Prompt: Reproduce the whole listing that follows, character for character, and drop the images.

Data for the task:
------------------------------
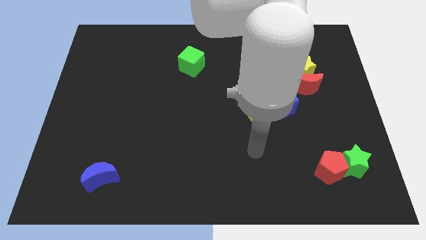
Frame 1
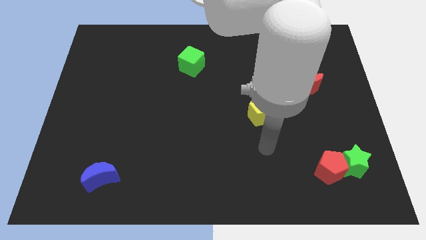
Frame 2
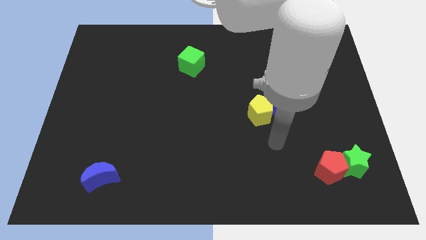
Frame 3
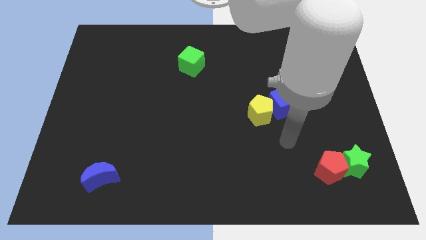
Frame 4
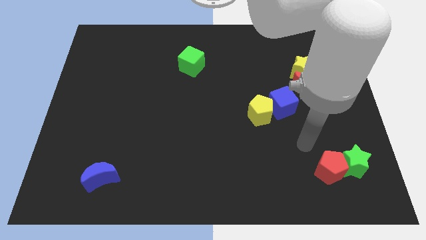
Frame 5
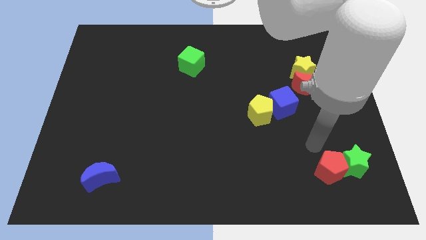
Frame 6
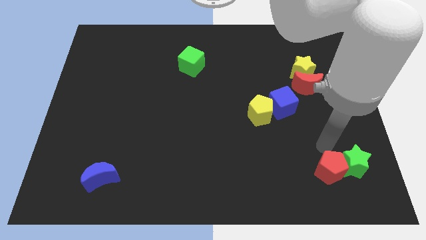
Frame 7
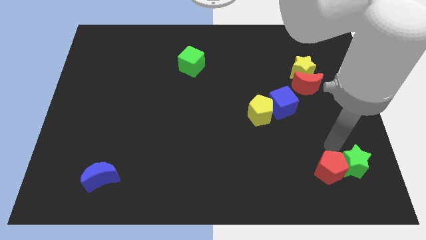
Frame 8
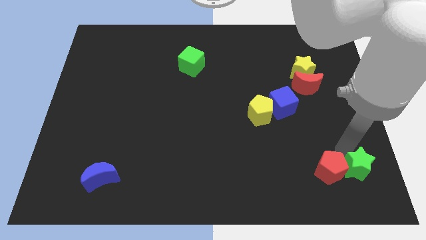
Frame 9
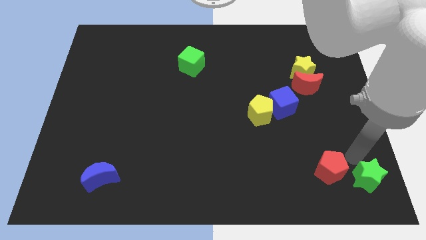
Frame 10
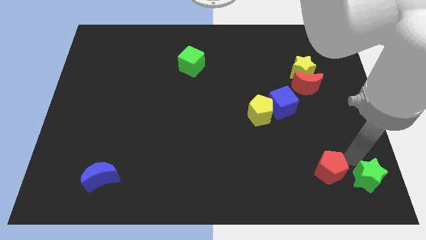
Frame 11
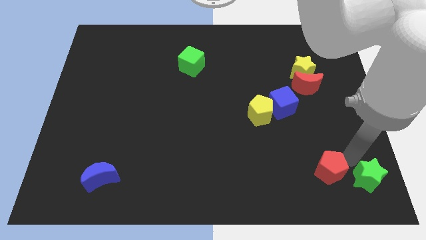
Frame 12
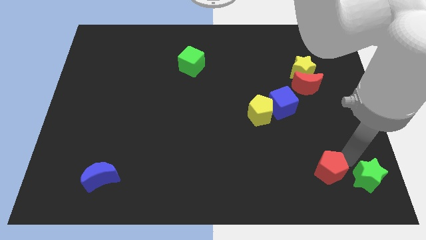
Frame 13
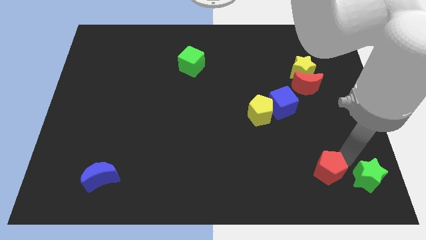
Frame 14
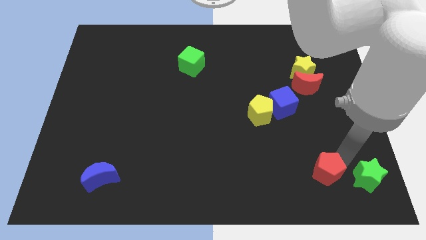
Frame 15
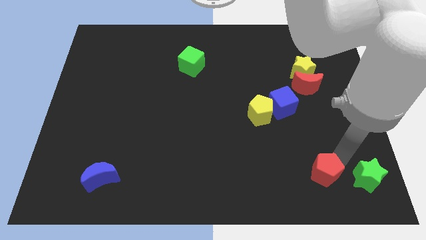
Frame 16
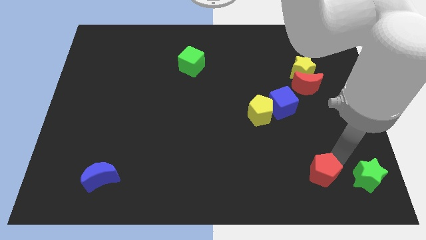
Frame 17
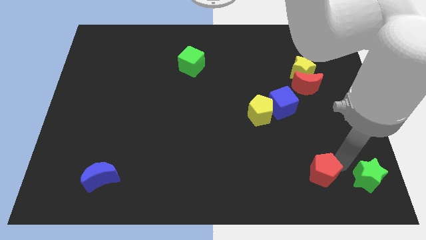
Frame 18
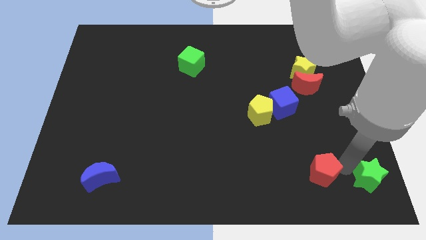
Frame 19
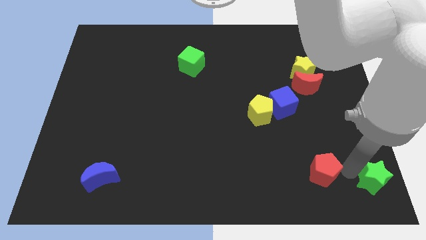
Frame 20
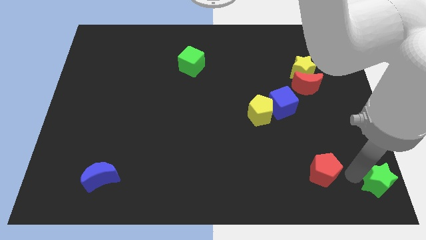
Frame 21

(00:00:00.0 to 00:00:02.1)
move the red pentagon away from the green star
------------------------------
Response for this exercise:
Frame 1
Frame 2
Frame 3
Frame 4
Frame 5
Frame 6
Frame 7
Frame 8
Frame 9
Frame 10
Frame 11
Frame 12
Frame 13
Frame 14
Frame 15
Frame 16
Frame 17
Frame 18
Frame 19
Frame 20
Frame 21

(00:00:00.0 to 00:00:02.1)
move the red pentagon away from the green star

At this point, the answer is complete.